Solitude Palace (Schloss Solitude) is a Rococo schloss and hunting retreat commissioned by Charles Eugene, Duke of Württemberg. It was designed by Johann Friedrich Weyhing and Philippe de La Guêpière, and constructed from 1764 to 1769. It is located on an elongated ridge between the towns of Leonberg, Gerlingen and Stuttgart in Baden-Württemberg.

==History==

Charles Eugene von Württemberg succeeded his father Charles Alexander as Duke of Württemberg in 1737, when he was only nine. The Duchy of Württemberg was ruled by a regency council until 1744, when Charles Eugene reached the age of majority at 16. His reign would be marked by economic difficulty, political strife, and extravagance.

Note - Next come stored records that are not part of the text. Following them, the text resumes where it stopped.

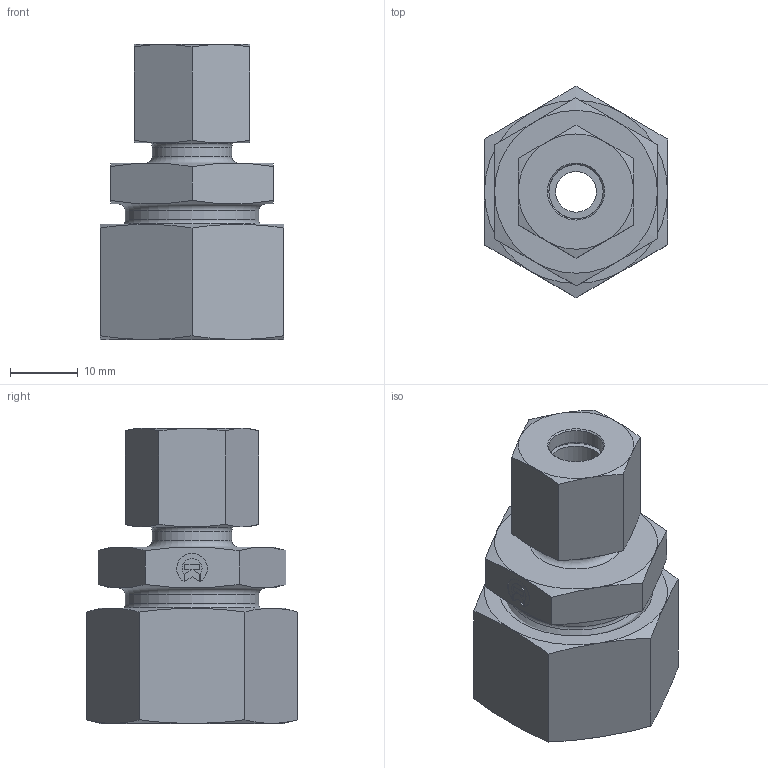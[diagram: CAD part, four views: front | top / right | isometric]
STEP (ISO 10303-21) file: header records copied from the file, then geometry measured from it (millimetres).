
FILE_DESCRIPTION((''),'2;1');
FILE_NAME('32415082214.stp','2014-08-15T16:18:19',(''),('KNOMI spol. s r. o.'),'Autodesk Inventor 2012','Autodesk Inventor 2012','');
FILE_SCHEMA(('AUTOMOTIVE_DESIGN { 1 2 10303 214 0 1 1 1 }'));
Length unit declared in the file: millimetre
Products named in the file (6): PSR2K 15/08L M22/M14; 314 1508 2214; 3910814; 40108; 3911522; 40115
Assembly tree (5 placements, depth 2):
  PSR2K 15/08L M22/M14
    314 1508 2214
    3910814
    40108
    3911522
    40115
Bounding box: 27.01 x 31.18 x 43.5 mm (x, y, z)
Volume: 14901.7 mm3; surface area: 10350.9 mm2
Topology: 5 solids, 5 shells, 147 faces, 340 edges, 219 vertices
Faces by surface type: plane 62, cone 57, cylinder 22, torus 6
Full cylindrical faces by diameter (mm): 6 x1, 8 x3, 10 x1, 11.7 x1, 12 x2, 12.376 x1, 14 x1, 15 x3, 17.3 x1, 19.7 x1, 20 x1, 20.376 x1, 22 x1
Entity records: 4077 total; most frequent: CARTESIAN_POINT 782, DIRECTION 626, ORIENTED_EDGE 548, EDGE_CURVE 274, AXIS2_PLACEMENT_3D 258, EDGE_LOOP 210, VERTEX_POINT 190, STYLED_ITEM 160

By the 1760s, Charles Eugene's policies and ambitions had met with failure. He had failed to achieve increased rank and prestige from the War of the Austrian Succession or the Seven Years' War, and had diplomatically isolated Württemberg because of his jostling and means of acquiring war funds. He had repeatedly withdrawn funding from the construction of his palaces, one of which was Monrepos, in Ludwigsburg. Charles Eugene turned his attention back to Stuttgart and, in 1763, he hired of architects led by Philippe de La Guêpière to plan a new palace that received the name "Solitude". Friedrich Christoph Hemmerling was named head gardener and charged with its design and creation.

===Construction===
Priority during construction went towards the two wings next to the palatial building until they were completed in 1766. It was from these that the Duke closely monitored construction.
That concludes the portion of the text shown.